→ To do:
Return every line from the one with "Locate the door" through the one with "[-1.704,-1.534,4.823,0.200,0.089,0.004,-2,4,-17]", inclusive, exactly as it appears below.

→ Given data:
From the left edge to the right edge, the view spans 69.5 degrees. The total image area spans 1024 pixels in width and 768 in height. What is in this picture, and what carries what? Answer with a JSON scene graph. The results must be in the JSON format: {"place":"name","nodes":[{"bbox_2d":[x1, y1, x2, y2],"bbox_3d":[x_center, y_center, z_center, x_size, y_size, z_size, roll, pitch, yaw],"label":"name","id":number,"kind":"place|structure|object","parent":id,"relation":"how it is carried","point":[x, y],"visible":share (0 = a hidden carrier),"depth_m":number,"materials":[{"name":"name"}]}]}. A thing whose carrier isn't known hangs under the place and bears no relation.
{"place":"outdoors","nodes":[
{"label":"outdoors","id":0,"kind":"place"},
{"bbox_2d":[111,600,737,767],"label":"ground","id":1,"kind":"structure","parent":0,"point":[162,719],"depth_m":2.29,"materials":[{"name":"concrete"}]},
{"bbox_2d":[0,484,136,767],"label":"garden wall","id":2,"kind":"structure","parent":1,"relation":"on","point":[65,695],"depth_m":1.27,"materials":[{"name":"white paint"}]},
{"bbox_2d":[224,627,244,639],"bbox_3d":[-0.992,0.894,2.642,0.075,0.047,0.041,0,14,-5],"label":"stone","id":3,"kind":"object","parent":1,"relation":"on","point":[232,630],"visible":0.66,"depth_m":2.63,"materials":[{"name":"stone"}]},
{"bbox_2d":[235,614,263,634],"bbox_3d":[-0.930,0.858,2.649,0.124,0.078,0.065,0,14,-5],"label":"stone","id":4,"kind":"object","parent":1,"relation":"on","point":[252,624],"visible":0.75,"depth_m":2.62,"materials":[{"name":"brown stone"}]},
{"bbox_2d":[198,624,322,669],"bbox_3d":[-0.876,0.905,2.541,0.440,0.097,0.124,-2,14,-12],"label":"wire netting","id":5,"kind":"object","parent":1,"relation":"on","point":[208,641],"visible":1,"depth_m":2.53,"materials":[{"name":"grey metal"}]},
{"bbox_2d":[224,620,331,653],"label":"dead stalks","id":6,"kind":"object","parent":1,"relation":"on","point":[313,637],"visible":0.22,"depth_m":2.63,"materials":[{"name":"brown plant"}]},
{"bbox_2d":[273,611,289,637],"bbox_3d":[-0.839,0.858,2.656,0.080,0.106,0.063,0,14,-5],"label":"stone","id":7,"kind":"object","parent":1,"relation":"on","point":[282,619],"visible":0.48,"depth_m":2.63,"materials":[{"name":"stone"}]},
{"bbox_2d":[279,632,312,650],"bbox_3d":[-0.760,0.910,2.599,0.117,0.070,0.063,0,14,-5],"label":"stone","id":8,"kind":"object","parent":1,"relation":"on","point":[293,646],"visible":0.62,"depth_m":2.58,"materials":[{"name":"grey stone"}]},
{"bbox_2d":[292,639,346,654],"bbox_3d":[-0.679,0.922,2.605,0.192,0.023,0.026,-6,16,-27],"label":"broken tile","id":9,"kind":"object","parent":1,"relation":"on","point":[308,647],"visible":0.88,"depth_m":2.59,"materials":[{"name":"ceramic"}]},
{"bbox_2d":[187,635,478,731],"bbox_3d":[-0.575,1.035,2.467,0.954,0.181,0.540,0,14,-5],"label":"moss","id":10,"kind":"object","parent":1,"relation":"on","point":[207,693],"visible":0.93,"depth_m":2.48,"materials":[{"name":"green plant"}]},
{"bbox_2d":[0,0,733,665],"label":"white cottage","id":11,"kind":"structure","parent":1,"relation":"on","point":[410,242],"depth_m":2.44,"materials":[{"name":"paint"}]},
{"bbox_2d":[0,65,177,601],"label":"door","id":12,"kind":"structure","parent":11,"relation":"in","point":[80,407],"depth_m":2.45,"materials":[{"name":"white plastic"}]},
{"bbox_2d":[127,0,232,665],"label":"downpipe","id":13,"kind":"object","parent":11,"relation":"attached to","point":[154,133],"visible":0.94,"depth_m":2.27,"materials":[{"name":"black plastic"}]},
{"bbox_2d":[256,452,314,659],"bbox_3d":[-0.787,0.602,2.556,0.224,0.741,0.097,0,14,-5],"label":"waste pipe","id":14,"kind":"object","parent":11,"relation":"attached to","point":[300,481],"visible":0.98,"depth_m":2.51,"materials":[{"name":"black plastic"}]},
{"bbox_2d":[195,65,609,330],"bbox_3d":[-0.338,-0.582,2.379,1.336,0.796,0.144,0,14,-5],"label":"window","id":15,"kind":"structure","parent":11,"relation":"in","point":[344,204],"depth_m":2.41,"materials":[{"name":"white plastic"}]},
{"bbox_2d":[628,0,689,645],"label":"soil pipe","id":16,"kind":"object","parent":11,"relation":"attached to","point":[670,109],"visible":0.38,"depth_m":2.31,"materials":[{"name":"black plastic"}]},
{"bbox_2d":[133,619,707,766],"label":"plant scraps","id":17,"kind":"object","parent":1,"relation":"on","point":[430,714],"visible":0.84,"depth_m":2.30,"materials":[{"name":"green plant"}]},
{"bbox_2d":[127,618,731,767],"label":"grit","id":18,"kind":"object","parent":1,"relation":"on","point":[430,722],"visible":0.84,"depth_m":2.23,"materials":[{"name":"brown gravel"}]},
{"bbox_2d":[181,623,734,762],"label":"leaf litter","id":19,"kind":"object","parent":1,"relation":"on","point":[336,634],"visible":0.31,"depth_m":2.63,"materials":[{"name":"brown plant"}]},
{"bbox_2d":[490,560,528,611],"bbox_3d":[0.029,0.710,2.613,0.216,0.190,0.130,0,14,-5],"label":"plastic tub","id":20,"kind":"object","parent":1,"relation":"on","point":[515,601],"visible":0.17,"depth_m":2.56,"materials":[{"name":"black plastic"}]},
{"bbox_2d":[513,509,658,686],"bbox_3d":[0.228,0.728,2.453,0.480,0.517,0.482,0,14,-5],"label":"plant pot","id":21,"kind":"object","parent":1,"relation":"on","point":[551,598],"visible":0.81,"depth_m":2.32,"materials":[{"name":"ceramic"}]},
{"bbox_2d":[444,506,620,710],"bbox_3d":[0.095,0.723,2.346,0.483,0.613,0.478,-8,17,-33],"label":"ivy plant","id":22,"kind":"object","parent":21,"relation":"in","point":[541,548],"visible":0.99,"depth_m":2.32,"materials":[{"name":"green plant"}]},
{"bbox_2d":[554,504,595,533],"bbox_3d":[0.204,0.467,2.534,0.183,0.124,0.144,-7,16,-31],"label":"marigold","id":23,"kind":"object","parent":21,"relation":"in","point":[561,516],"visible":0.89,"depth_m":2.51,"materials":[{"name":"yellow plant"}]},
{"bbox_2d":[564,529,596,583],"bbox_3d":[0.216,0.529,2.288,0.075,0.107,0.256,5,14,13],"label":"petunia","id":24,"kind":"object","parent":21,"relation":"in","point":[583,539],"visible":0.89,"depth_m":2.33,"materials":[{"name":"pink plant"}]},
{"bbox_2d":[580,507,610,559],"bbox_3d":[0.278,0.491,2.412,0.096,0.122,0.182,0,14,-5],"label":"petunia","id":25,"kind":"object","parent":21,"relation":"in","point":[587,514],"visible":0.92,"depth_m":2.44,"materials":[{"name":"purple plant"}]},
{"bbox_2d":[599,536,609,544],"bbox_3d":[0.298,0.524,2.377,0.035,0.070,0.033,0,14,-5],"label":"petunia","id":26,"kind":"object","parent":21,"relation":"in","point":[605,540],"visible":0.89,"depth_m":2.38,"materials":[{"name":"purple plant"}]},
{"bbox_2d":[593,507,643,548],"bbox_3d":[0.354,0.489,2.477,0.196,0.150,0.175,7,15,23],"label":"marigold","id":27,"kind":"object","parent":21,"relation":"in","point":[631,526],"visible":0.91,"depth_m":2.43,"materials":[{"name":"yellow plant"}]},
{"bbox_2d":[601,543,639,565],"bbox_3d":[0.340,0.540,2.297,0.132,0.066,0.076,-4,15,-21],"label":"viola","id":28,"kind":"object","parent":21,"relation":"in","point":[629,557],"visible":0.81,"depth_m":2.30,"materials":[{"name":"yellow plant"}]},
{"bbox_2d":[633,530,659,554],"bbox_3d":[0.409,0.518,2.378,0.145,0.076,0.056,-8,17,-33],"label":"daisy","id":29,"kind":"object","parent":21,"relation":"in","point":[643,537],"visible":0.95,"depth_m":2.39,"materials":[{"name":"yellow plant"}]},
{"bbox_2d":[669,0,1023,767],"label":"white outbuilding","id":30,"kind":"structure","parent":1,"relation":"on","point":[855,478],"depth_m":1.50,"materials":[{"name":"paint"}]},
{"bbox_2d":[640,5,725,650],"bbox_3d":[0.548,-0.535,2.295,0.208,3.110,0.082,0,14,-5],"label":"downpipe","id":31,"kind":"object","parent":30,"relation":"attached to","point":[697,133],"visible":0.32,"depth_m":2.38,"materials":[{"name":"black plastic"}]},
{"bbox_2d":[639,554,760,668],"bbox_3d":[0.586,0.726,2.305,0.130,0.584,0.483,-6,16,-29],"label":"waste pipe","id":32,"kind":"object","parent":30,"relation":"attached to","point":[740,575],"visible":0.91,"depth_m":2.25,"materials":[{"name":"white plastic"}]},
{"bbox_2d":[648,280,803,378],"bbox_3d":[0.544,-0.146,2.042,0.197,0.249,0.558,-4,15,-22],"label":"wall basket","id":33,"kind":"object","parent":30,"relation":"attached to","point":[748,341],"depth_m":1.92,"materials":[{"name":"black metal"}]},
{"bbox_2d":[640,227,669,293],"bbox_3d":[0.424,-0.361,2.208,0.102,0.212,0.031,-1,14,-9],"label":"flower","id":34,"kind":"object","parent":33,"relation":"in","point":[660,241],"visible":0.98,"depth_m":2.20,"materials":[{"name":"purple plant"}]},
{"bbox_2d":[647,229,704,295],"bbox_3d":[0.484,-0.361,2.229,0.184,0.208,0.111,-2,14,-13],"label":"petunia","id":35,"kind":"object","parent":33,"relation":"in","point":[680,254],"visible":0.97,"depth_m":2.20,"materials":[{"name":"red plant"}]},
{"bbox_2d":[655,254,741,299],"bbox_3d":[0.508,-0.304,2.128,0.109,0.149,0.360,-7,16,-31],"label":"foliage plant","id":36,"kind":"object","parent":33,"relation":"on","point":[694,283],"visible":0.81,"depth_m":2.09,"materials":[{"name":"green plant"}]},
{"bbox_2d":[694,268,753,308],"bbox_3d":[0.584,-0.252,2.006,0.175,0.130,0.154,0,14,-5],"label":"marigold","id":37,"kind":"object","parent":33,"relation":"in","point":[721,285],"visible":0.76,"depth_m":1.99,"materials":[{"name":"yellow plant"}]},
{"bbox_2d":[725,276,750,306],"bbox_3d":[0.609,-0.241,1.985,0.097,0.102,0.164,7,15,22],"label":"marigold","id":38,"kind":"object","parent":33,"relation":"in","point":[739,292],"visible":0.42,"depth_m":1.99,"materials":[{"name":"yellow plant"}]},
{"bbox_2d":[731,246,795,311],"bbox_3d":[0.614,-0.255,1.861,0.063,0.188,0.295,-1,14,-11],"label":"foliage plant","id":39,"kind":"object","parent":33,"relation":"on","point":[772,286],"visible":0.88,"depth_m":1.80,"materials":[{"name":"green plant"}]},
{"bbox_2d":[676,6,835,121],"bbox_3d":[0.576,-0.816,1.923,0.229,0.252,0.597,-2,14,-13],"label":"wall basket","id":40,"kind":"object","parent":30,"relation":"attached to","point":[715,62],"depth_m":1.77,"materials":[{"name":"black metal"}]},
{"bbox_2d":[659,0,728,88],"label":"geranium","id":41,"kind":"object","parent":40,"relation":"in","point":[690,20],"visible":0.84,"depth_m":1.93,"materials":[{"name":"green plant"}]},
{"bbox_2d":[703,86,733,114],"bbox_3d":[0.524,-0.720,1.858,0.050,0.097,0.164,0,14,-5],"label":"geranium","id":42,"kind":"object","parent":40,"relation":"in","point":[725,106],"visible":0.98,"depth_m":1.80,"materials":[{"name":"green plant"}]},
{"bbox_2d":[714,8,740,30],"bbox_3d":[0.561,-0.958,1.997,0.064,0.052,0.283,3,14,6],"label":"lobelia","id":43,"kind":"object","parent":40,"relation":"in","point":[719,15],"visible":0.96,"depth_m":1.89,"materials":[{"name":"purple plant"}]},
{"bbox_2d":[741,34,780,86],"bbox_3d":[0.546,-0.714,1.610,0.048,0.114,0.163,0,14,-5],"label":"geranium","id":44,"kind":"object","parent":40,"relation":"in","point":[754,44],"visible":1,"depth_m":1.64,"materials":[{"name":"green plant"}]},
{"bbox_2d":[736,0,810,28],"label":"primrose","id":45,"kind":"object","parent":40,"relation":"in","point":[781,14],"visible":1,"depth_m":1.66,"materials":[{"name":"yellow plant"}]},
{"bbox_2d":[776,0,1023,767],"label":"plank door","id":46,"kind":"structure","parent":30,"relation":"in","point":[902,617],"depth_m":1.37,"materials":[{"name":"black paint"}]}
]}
--
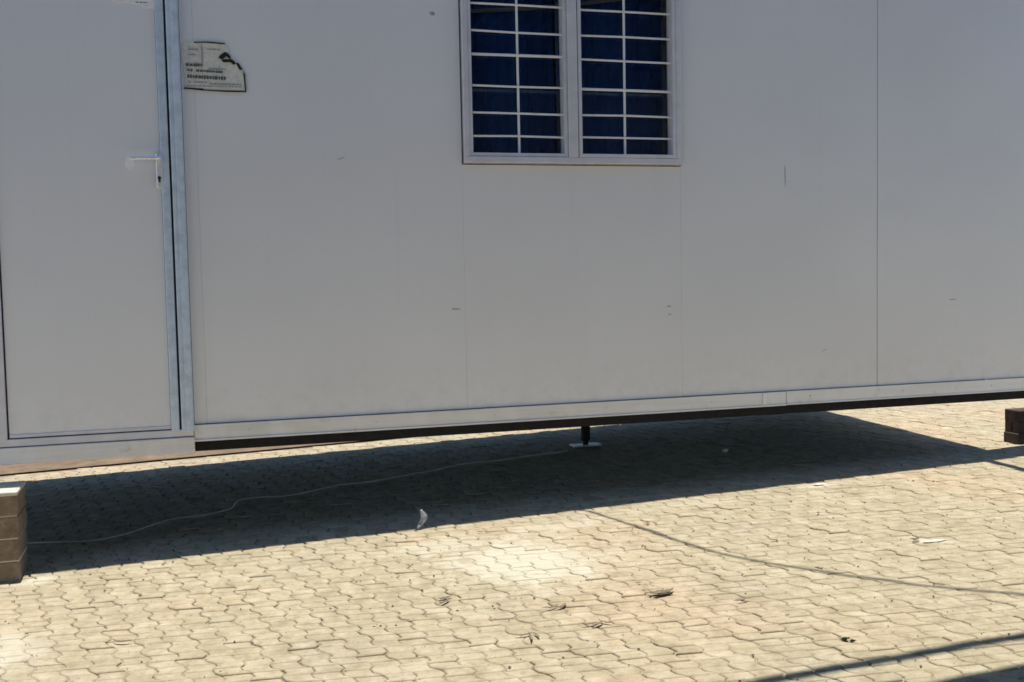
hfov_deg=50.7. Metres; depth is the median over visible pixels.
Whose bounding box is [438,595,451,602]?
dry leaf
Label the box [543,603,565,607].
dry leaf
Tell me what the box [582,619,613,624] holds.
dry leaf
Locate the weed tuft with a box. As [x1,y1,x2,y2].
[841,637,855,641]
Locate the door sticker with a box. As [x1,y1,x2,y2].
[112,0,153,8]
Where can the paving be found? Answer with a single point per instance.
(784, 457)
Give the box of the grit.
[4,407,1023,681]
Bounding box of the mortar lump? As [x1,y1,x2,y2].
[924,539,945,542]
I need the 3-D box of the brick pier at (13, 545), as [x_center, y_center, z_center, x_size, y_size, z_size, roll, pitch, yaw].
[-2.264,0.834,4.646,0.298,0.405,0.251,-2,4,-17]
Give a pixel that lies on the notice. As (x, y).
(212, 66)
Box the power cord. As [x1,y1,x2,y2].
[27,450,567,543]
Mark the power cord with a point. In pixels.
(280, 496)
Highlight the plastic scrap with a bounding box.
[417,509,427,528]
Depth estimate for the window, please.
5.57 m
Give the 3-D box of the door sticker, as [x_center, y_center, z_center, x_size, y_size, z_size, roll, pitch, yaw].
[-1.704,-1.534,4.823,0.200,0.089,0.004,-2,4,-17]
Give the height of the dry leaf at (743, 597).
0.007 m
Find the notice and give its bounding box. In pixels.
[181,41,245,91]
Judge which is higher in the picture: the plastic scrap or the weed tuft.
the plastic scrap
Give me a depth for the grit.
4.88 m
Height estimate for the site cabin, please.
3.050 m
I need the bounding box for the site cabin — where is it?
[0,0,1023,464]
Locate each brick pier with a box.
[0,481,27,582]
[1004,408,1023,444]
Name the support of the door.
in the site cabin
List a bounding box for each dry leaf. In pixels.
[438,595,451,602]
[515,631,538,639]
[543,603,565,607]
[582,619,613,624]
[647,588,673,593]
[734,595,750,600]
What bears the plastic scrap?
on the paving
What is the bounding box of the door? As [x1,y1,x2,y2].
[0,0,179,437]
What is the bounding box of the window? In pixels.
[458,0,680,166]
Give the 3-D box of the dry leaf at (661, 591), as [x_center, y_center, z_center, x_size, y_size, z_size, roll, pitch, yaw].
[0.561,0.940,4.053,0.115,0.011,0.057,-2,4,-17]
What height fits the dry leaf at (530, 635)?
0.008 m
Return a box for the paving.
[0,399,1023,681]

→ Answer area:
Locate the door sticker with a box. As [x1,y1,x2,y2].
[112,0,153,8]
Where can the paving be found? Answer with a single point per instance.
(784, 457)
Give the box of the grit.
[4,407,1023,681]
Bounding box of the mortar lump? As [x1,y1,x2,y2].
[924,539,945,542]
I need the 3-D box of the brick pier at (13, 545), as [x_center, y_center, z_center, x_size, y_size, z_size, roll, pitch, yaw].
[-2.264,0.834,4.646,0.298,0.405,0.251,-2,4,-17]
Give a pixel that lies on the notice. As (x, y).
(212, 66)
Box the power cord. As [x1,y1,x2,y2].
[27,450,567,543]
Mark the power cord with a point. In pixels.
(280, 496)
Highlight the plastic scrap with a bounding box.
[417,509,427,528]
Depth estimate for the window, please.
5.57 m
Give the 3-D box of the door sticker, as [x_center, y_center, z_center, x_size, y_size, z_size, roll, pitch, yaw].
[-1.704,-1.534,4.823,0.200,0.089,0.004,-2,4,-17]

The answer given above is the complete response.